La visita a Siria nos permitió abarcar los horizontes de toda la actividad humana que a lo largo de los siglos, sus diferentes civilizaciones fueron dejando. Una lista interminable de particular sonoridad que nos habla de sumerios, amorreos, acadios, hititas, egipcios, hurritas, asirios, cananeos, fenicios, arameos, persas, griegos seleúcidas y Ptolomeos, romanos, bizantinos y árabes nabateoss y gasssaníes, hasta la llegada del Islam y sus sucesivas dinastías musulmanas. Demasiadas emociones y demasiadas visiones para asumirlas en un solo viaje

En 2005 fuimos testigos de una revuelta callejera en el centro de Damasco, oponiéndose ya a su presidente Bashar al-Assad, pero nada hacía presagiar que aquél puntual incidente iba a traer las consecuencias que hoy sufre el pueblo sirio. Pese a que la prensa internacional se hace eco de las matanzas continuadas contra la población civil, no parece que se tomen medidas efectivas para sacar a los sirios de este callejón sin salida. Mientras tanto, el turismo, que crecía año tras año, ha desaparecido y Siria ha dejado de ofrecerse como lugar de interés aunque siga interesando su historia, su arte, su cultura y muchos de los que visitamos el país lo recordemos con emoción.

Damasco está considerada como la ciudad más antigua del mundo y el alfabeto representado en una de las tablillas de Ugarit constituye el primero de la historia. Estamos, por tanto, en el país donde nacieron las primeras religiones y el más antiguo patrimonio lingüístico.

Era viernes en Damasco, día de descanso. Las familias se reunían para beber te, conversar, estar juntas. El autobús nos condujo, a través de una destartalada carretera hasta la cima de un monte. Aquello era una fiesta que se prolongaba desde la misma cima del monte, continuando por ambos arcenes de la carretera hasta concluir en la propia ciudad. Millares de personas celebrando su día de descanso. Los coches aparcados sin orden ni control, mujeres, hombres y niños, sentados en sillas, en el suelo o en pie, disfrutaban de su mutua compañía. No importaba ni el incesante tráfico que circulaba en las dos direcciones ni la gente que se cruzaba de un lado a otro de la carretera. Los automovilistas circulaban con cuidado para no atropellar a nadie. Un caos perfectamente organizado al que los sirios están acostumbrados. Como lo están al deambular por sus calles principales y de pronto, una barra de hierro clavada en la pared puede introducirse en el costado, en el rostro, en una pierna. Como están acostumbrados a caminar entre baches, salvando baldosas sueltas, piedras, un cajón abandonado. Por las calles principales de Damasco se puede sorprender el turista ante un escaparate de ropa interior femenina, atrevidísima, mientras un grupo de mujeres, cubiertas de negro de pies a cabeza miran interesadas y curiosas, apuntando con la mano la ropa interior. Pesadísimas y costosas, pulseras de oro adornan sus muñecas.  Nos dijeron que las mujeres sirias son discretas en la calle y atrevidas en casa, para sus hombres.

En el desierto de Palmira se puede degustar, en un campamento beduino, el mejor cordero del mundo, completamente desgrasado. Allí pudimos comprobar con qué minuciosidad se va despojando la grasa de la carne, una vez asada, con los dedos enfundados en guantes de latex, trocito a trocito.
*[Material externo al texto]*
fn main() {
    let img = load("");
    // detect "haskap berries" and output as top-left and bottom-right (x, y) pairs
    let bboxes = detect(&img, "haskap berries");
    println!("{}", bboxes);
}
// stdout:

Tras la exquisita cena, el fuego se hace protagonista en medio de la noche y la luna llena, mientras todos bailan al son de la música que no cesa.
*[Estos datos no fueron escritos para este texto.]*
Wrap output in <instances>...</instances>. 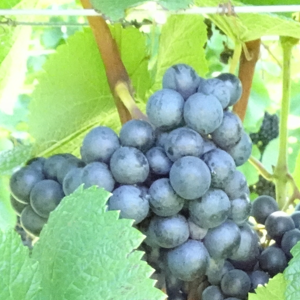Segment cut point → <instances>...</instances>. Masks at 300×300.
<instances>
[{
	"label": "cut point",
	"mask_w": 300,
	"mask_h": 300,
	"mask_svg": "<svg viewBox=\"0 0 300 300\" xmlns=\"http://www.w3.org/2000/svg\"><path fill=\"white\" fill-rule=\"evenodd\" d=\"M115 92L119 95L121 101L126 105L128 111L132 114V119L144 116V112L135 103L127 84L121 80H117L115 84Z\"/></svg>",
	"instance_id": "6a23745f"
}]
</instances>
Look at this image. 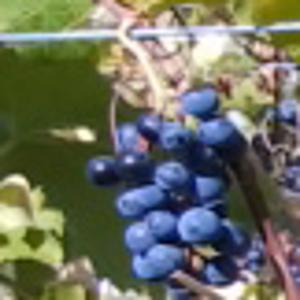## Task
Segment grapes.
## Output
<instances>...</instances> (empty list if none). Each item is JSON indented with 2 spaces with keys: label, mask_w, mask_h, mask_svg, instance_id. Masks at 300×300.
<instances>
[{
  "label": "grapes",
  "mask_w": 300,
  "mask_h": 300,
  "mask_svg": "<svg viewBox=\"0 0 300 300\" xmlns=\"http://www.w3.org/2000/svg\"><path fill=\"white\" fill-rule=\"evenodd\" d=\"M214 84L200 82L181 95L167 96L159 111L146 109L134 123L119 126L114 151L90 159L87 177L104 190L120 188L114 212L134 221L124 250L142 281H158L183 291L195 281L227 288L236 281L235 256L251 240L226 213L230 177L218 156L241 153L237 127L214 114Z\"/></svg>",
  "instance_id": "01657485"
}]
</instances>
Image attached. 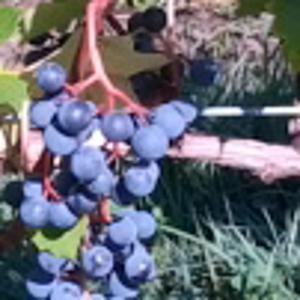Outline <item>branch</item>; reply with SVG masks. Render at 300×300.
I'll use <instances>...</instances> for the list:
<instances>
[{
  "label": "branch",
  "mask_w": 300,
  "mask_h": 300,
  "mask_svg": "<svg viewBox=\"0 0 300 300\" xmlns=\"http://www.w3.org/2000/svg\"><path fill=\"white\" fill-rule=\"evenodd\" d=\"M92 2L94 4H98L95 7V15L97 16V20L94 36L99 38L103 31L104 13L110 9V5L113 3V0H87L85 4L80 32L81 45L69 76V83L71 85L81 82L86 76L93 74V69L90 64V42L88 41L89 33L86 26L88 7L92 4Z\"/></svg>",
  "instance_id": "branch-1"
}]
</instances>
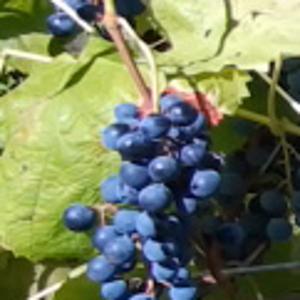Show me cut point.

Son muchas las maravillas que el viajero encuentra en Siria. Las Torres Tumbas, casi tan impresionantes como las Pirámides de Egipto, El teatro de Bosra, el Sarcófago de Rastán, las famosas Norias de Hama, el Crac de los Caballeros, esa imponente fortaleza edificada por los cruzados en su intento de dominar las llanuras de la Beqá, esa tierra libanesa donde se cultivan excelentes vinos, envidia del mundo. El emplazamiento de esta fortaleza, en la cima de un volcán la hace sobresalir entre campos de un verdor sorprendente.
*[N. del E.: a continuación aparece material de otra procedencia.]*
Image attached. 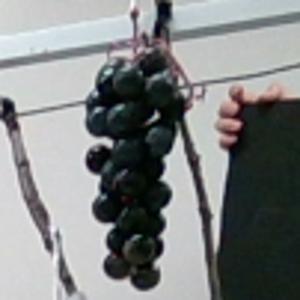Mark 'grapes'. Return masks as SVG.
<instances>
[{
  "mask_svg": "<svg viewBox=\"0 0 300 300\" xmlns=\"http://www.w3.org/2000/svg\"><path fill=\"white\" fill-rule=\"evenodd\" d=\"M171 71L163 46L143 50L135 67L128 58H109L86 101L89 134L113 140L112 151L97 145L84 156L89 172L103 174L101 195L92 204L94 217L115 225L105 238L111 253L103 270L113 280L129 278L139 291L155 288L162 279L155 262L165 251L162 208L172 201L173 191L160 178L166 171L163 158L175 145L174 122L187 107Z\"/></svg>",
  "mask_w": 300,
  "mask_h": 300,
  "instance_id": "1",
  "label": "grapes"
}]
</instances>
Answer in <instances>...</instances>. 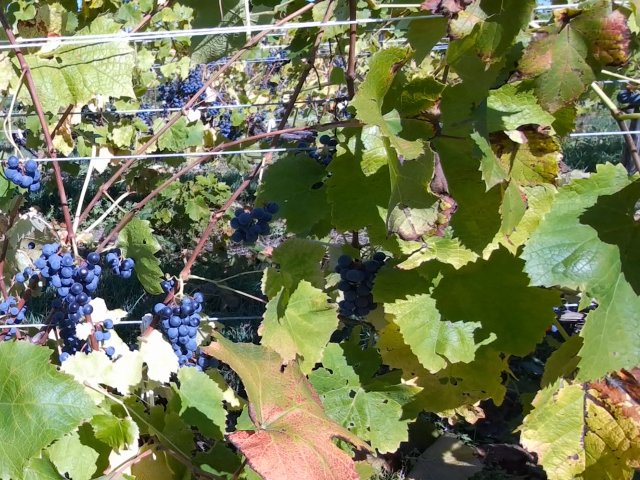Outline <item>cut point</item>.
<instances>
[{
    "mask_svg": "<svg viewBox=\"0 0 640 480\" xmlns=\"http://www.w3.org/2000/svg\"><path fill=\"white\" fill-rule=\"evenodd\" d=\"M23 82H24V78H23V74H22V71H21V73L19 75V79H18V81H17V83L15 85L12 98H11V100L9 102V105H8L9 109H12L14 107V105L16 103V100H17V97H18V94H19V90H20Z\"/></svg>",
    "mask_w": 640,
    "mask_h": 480,
    "instance_id": "6a23745f",
    "label": "cut point"
},
{
    "mask_svg": "<svg viewBox=\"0 0 640 480\" xmlns=\"http://www.w3.org/2000/svg\"><path fill=\"white\" fill-rule=\"evenodd\" d=\"M71 247H72V251H73L74 255L78 256L79 255V250L77 249V244H76V239L75 238H73V242L71 244Z\"/></svg>",
    "mask_w": 640,
    "mask_h": 480,
    "instance_id": "7d7e1d6f",
    "label": "cut point"
}]
</instances>
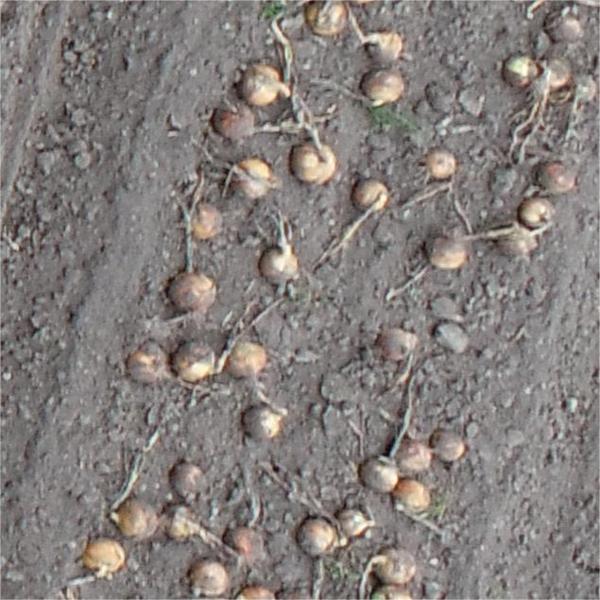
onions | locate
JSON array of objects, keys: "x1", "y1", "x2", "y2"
[
  {"x1": 430, "y1": 428, "x2": 463, "y2": 462},
  {"x1": 378, "y1": 325, "x2": 416, "y2": 362},
  {"x1": 243, "y1": 403, "x2": 283, "y2": 440},
  {"x1": 167, "y1": 460, "x2": 203, "y2": 497},
  {"x1": 540, "y1": 56, "x2": 573, "y2": 93},
  {"x1": 517, "y1": 194, "x2": 550, "y2": 226},
  {"x1": 359, "y1": 455, "x2": 397, "y2": 490},
  {"x1": 257, "y1": 244, "x2": 296, "y2": 282},
  {"x1": 304, "y1": 0, "x2": 350, "y2": 37},
  {"x1": 392, "y1": 478, "x2": 429, "y2": 513},
  {"x1": 227, "y1": 339, "x2": 265, "y2": 377},
  {"x1": 424, "y1": 149, "x2": 455, "y2": 179},
  {"x1": 127, "y1": 342, "x2": 163, "y2": 383},
  {"x1": 297, "y1": 516, "x2": 338, "y2": 556},
  {"x1": 536, "y1": 158, "x2": 573, "y2": 192},
  {"x1": 133, "y1": 342, "x2": 164, "y2": 365},
  {"x1": 174, "y1": 340, "x2": 213, "y2": 381},
  {"x1": 362, "y1": 68, "x2": 402, "y2": 105},
  {"x1": 572, "y1": 77, "x2": 595, "y2": 102},
  {"x1": 231, "y1": 154, "x2": 273, "y2": 199},
  {"x1": 187, "y1": 556, "x2": 232, "y2": 593},
  {"x1": 504, "y1": 52, "x2": 538, "y2": 85},
  {"x1": 427, "y1": 231, "x2": 465, "y2": 271},
  {"x1": 84, "y1": 536, "x2": 124, "y2": 573},
  {"x1": 500, "y1": 224, "x2": 535, "y2": 259},
  {"x1": 339, "y1": 505, "x2": 371, "y2": 540},
  {"x1": 350, "y1": 178, "x2": 388, "y2": 213},
  {"x1": 169, "y1": 269, "x2": 214, "y2": 312},
  {"x1": 367, "y1": 548, "x2": 412, "y2": 588},
  {"x1": 369, "y1": 583, "x2": 410, "y2": 600},
  {"x1": 241, "y1": 63, "x2": 281, "y2": 105},
  {"x1": 168, "y1": 509, "x2": 199, "y2": 538},
  {"x1": 117, "y1": 495, "x2": 159, "y2": 537},
  {"x1": 237, "y1": 582, "x2": 276, "y2": 600},
  {"x1": 214, "y1": 105, "x2": 252, "y2": 139},
  {"x1": 365, "y1": 29, "x2": 402, "y2": 64},
  {"x1": 227, "y1": 525, "x2": 263, "y2": 563},
  {"x1": 396, "y1": 439, "x2": 430, "y2": 475},
  {"x1": 291, "y1": 142, "x2": 333, "y2": 182},
  {"x1": 189, "y1": 205, "x2": 221, "y2": 237},
  {"x1": 549, "y1": 11, "x2": 583, "y2": 44}
]

Pero también existe una vida cultural en la que el teatro, la música, el cine o la danza se combinan con el Festival del Algodón o el de la Flor, la equitación, las artes marciales. Todo cabe en este país de ensueño, ahora atribulado por el terror.

Este breve recorrido por Siria es un pequeño esbozo de lo que el viajero puede encontrarse. Desde aquí, mi deseo para que todo vuelva a la normalidad. Pronto.